Sergio Cardona, analista del Observatorio del Alquiler, indica que "pese a que en esos lugares con más turismo el peso de los alquileres en régimen turístico es muy alto, la realidad es que su presencia es muy desigual y no afecta de igual manera a todas las zonas de una ciudad" por lo que el problema de escasez de oferta persistiría, añade.

La leve repercusión se explica en las segundas residencias. En muchas de estas zonas turísticas, los propietarios pasan poco tiempo en sus viviendas 'de retiro' por lo que optan por sacarlas al mercado del alquiler turístico durante el tiempo que no van a disfrutar de ellas para obtener rentabilidad pero no se plantean sacarlas como alquiler de larga estancia; el trasvase al mercado del alquiler residencial nunca sería total.
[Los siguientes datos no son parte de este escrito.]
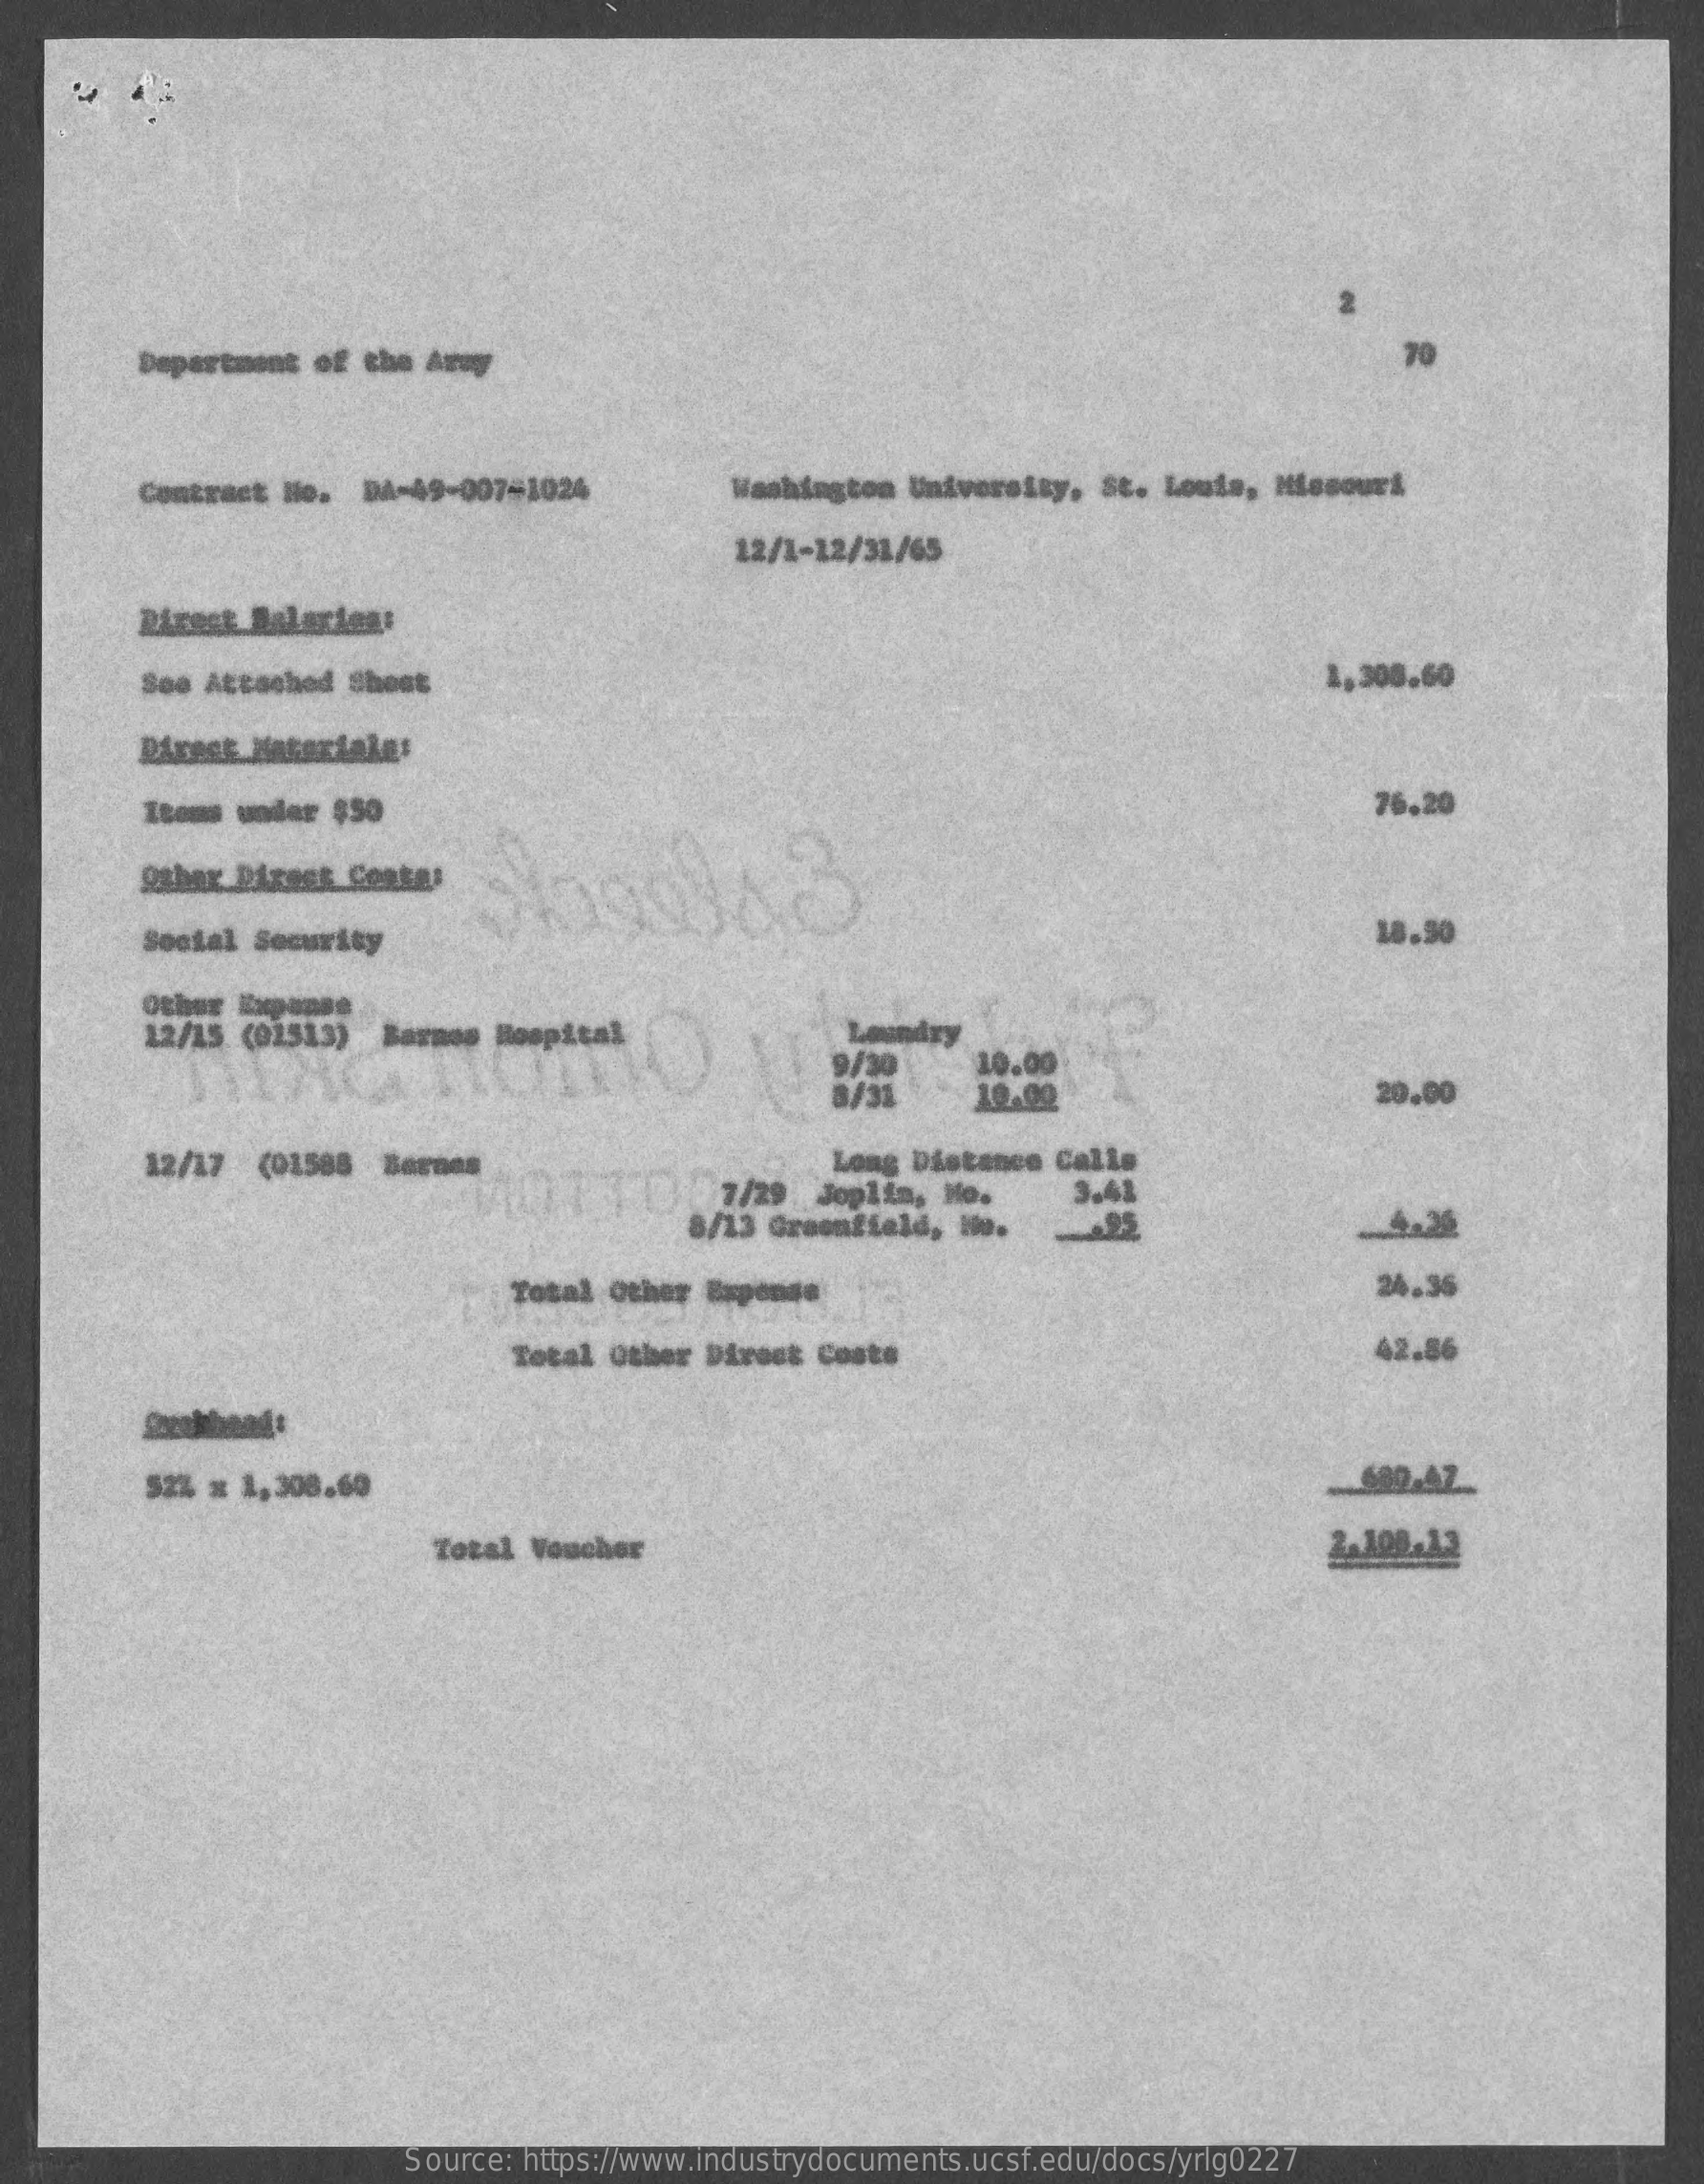
Department of the Army    70
     Contract No. DA-49-007-1024  Washington University, St. Louis, Missouri
     12/1-12/31/65
     Birest Malarica:
     See Attached Shost    1,300.60
     Items under $50    76.20
     Other Direst Cesta:    3
     Social Security    18.30
     Other Expanse
     12/15 (01513) Barnes Hospital    Laundry
     9/30   10.00
     8/31.  19.00    20.00
     12/17 (01588 Bernes    Long Distance Calls
     7/29 Joplin, No.
     8/13 Greenfield, No.
     3.41
     Total Other Expense    24.35
     Total üther Direct Costs    42.86
     52% x 1,308.60
     Total Voucher    2.108.13
     Source: https://www.industrydocuments.ucsf.edu/docs/yrlg0227
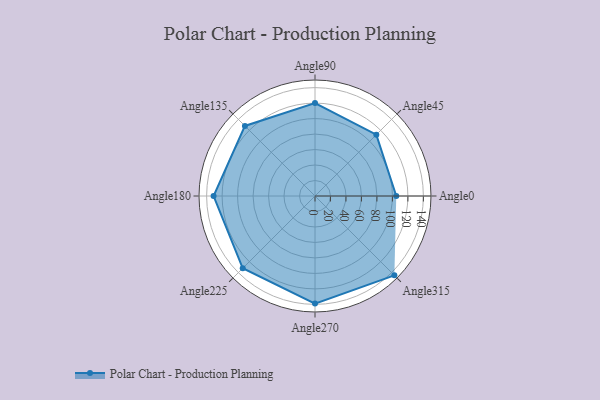
{"axis": {"x": "Angle", "y": "Radius"}, "legend": [""], "data": [{"x": "Angle0", "y": 105.0, "type": ""}, {"x": "Angle45", "y": 112.0, "type": ""}, {"x": "Angle90", "y": 120.0, "type": ""}, {"x": "Angle135", "y": 128.0, "type": ""}, {"x": "Angle180", "y": 131.0, "type": ""}, {"x": "Angle225", "y": 132.0, "type": ""}, {"x": "Angle270", "y": 139.0, "type": ""}, {"x": "Angle315", "y": 145.0, "type": ""}]}

Palma de Mallorca, que ha prohibido nuevas licencias de alquiler turístico, es un ejemplo de la distorsión entre oferta y demanda que no solucionaría el fin del alquiler de viviendas a turistas. Cardona indica que en este caso el peso real de los inmuebles turísticos en esta ciudad es de tan solo el 1,03%, y su incorporación solo supondría un incremento de la oferta del 4,66%, "unas cifras claramente insuficientes para hacer frente al problema de acceso a una vivienda en la capital balear".